4. Revenue's Preliminary objection on constituting Larger Bench unsustainable:

The Principal Commissioner, Service Tax (Mumbai-I and IV) has filed miscellaneous application seeking adjournment hearing of this reference until final disposal of "this matter" by the Hon'ble Supreme Court of India, as the dispute is pending in Supreme Court.

Mere filing or pendency of an appeal against the decision in ABN Amro Bank Limited, neither eclipses this decision nor operates as a fetter on another Division Bench, which would be free to either follow the ABN Amro Bank Limited decision or could doubt its correctness and seek interpretation, by a Larger Bench. There is also no purpose served in adjourning the reference to await the decision of the Hon'ble Supreme Court. In case the ABN Amro Bank Limited decision is confirmed by the Supreme Court that would be the governing law and the reference would not survive. The same would be the position if ABN Amro Bank Limited decision is reversed in appeal. Till a final pronouncement by the Supreme Court emerges, there exist diametrically contrary views in the Tribunal; one the final order in ABN Amro Bank Limited and the other which is expressed in the order of reference and in respect of the same subject matter, namely identification of the scope of "credit card services" in BOFS, during the period prior to 01.05.2006.

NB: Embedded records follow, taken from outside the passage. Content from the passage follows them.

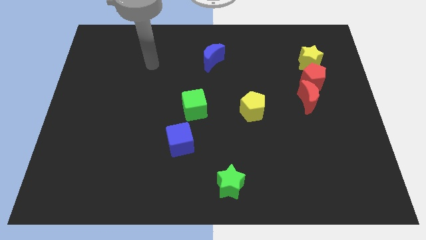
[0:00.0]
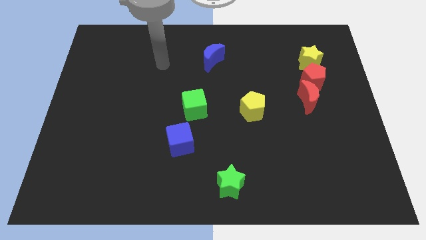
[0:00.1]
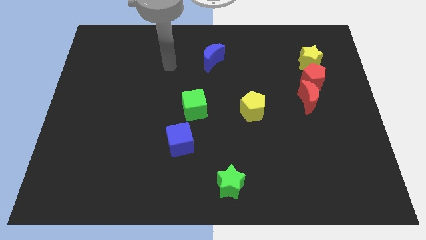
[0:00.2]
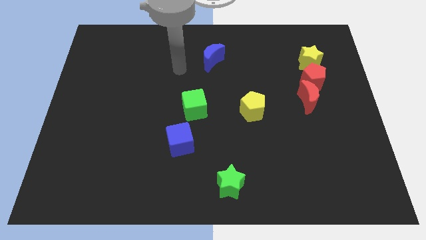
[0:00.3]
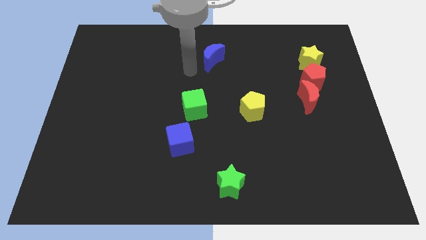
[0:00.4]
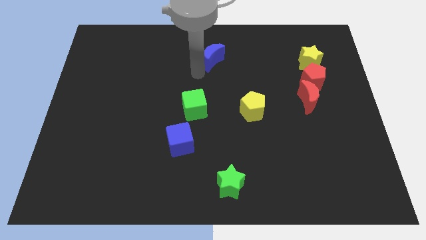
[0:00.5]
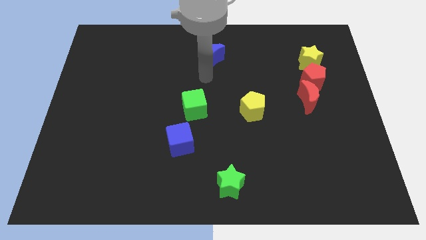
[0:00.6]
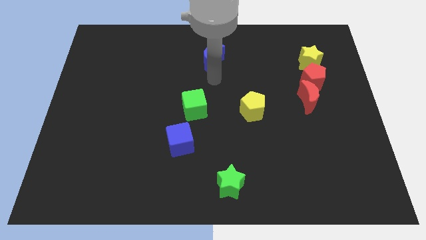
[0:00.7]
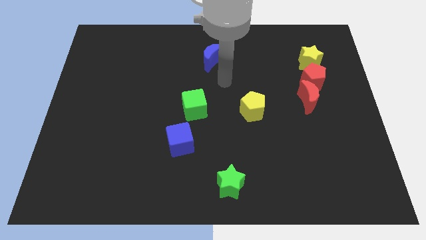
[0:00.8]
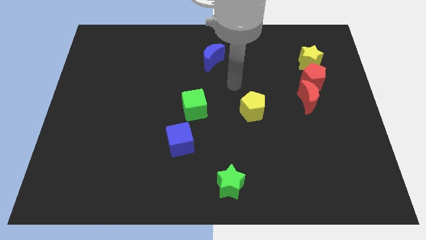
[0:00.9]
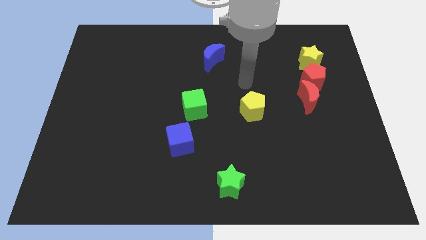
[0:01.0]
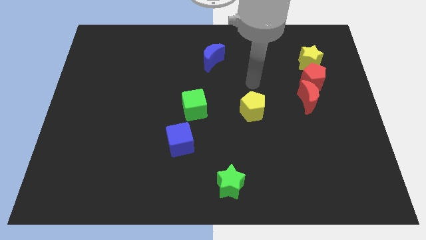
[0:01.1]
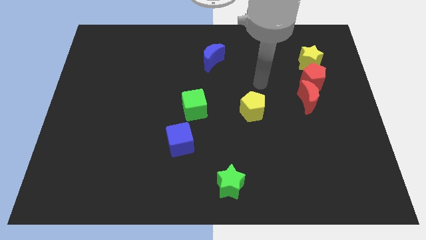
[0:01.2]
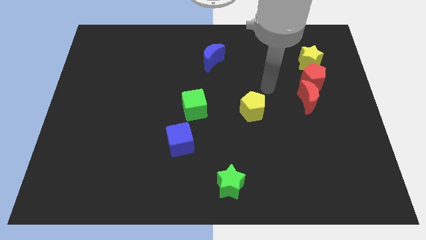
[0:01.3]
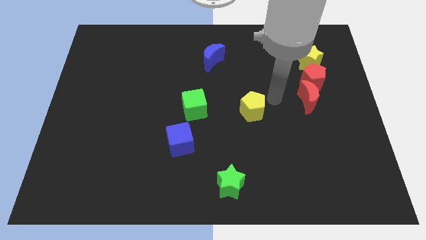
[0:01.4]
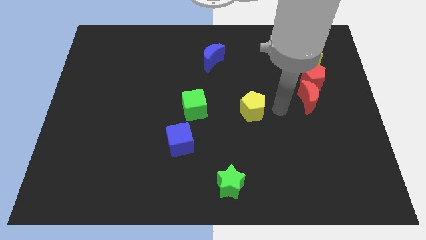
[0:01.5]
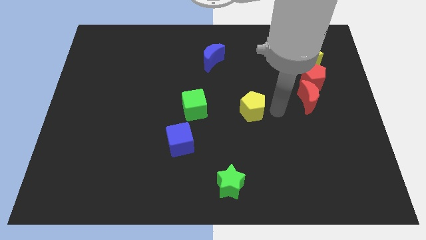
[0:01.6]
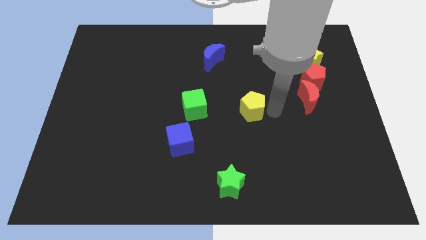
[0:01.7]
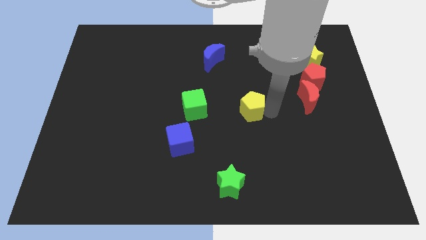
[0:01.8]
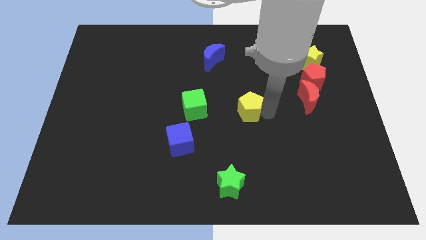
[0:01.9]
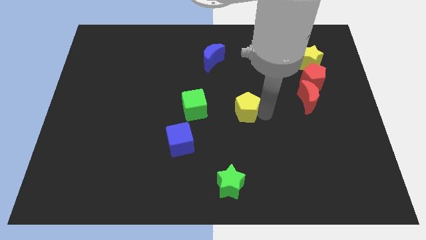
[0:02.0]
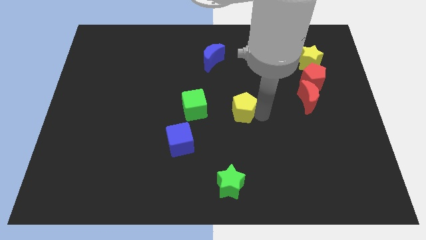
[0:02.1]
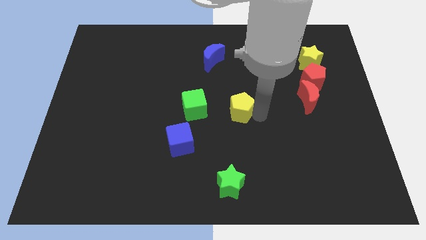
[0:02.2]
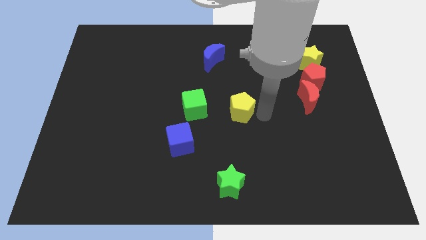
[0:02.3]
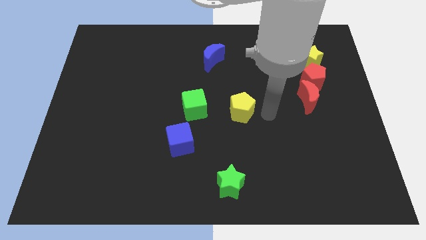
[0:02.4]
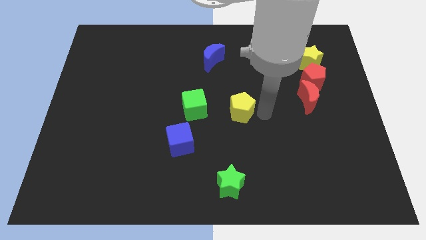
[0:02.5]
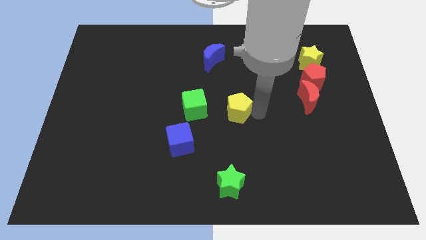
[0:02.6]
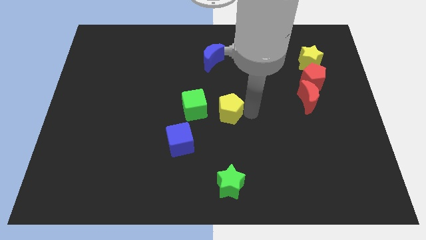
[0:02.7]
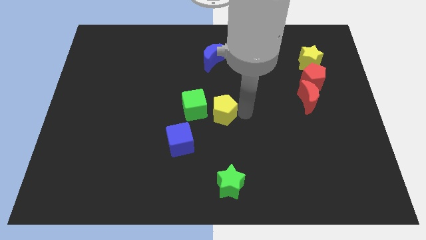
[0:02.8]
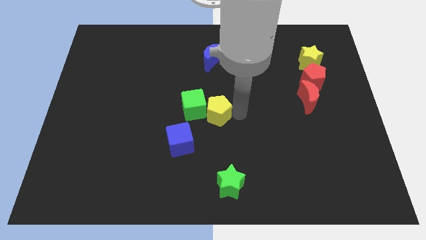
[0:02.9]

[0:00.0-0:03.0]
push the yellow pentagon to the green cube

Resolution of such a conflict at the level of the Tribunal is therefore a salutary course of action, in interests of interpretative stability which would operate until an authoritative decision is received from the judgment of Supreme Court.

Accordingly, the Larger Bench answered the references as under:

Held:

(a) introduction of a comprehensive definition of "credit card, debit card, charge card or other payment service" in Section 65(33a) read with Section 65(105) (zzzw), by the Finance Act, 2006 is a substantive legislative exertion which enacts levy on the several transactions enumerated in sub-clauses (i) to (vii) specified in the definition set out in Section 65(33a); and all these transactions are neither impliedly covered nor inherently subsumed within the purview of credit card services defined in Section 65(10) or (12) as part of the BOFS;

(b) sub-clause (iii) in Section 65(33a) is neither intended nor expressed to have a retroactive reach i.e. w.e.f. 16.07.2001. Services enumerated in these sub-clauses are not implicit in the scope of credit card services;

(c) a Merchant/ Merchant Establishment is "a customer" in the context of credit card services enumerated in Section 65(72)(zm), subsequently Section 65(105)(zm) and a fortiori an acquiring bank is "a customer" of an issuing bank.

(d) ME discount, by whatever name called, representing amounts retained by an acquiring bank from out of amounts recovered by such bank for settlement of payments to the ME does not amount to consideration received "in relation to" credit card services.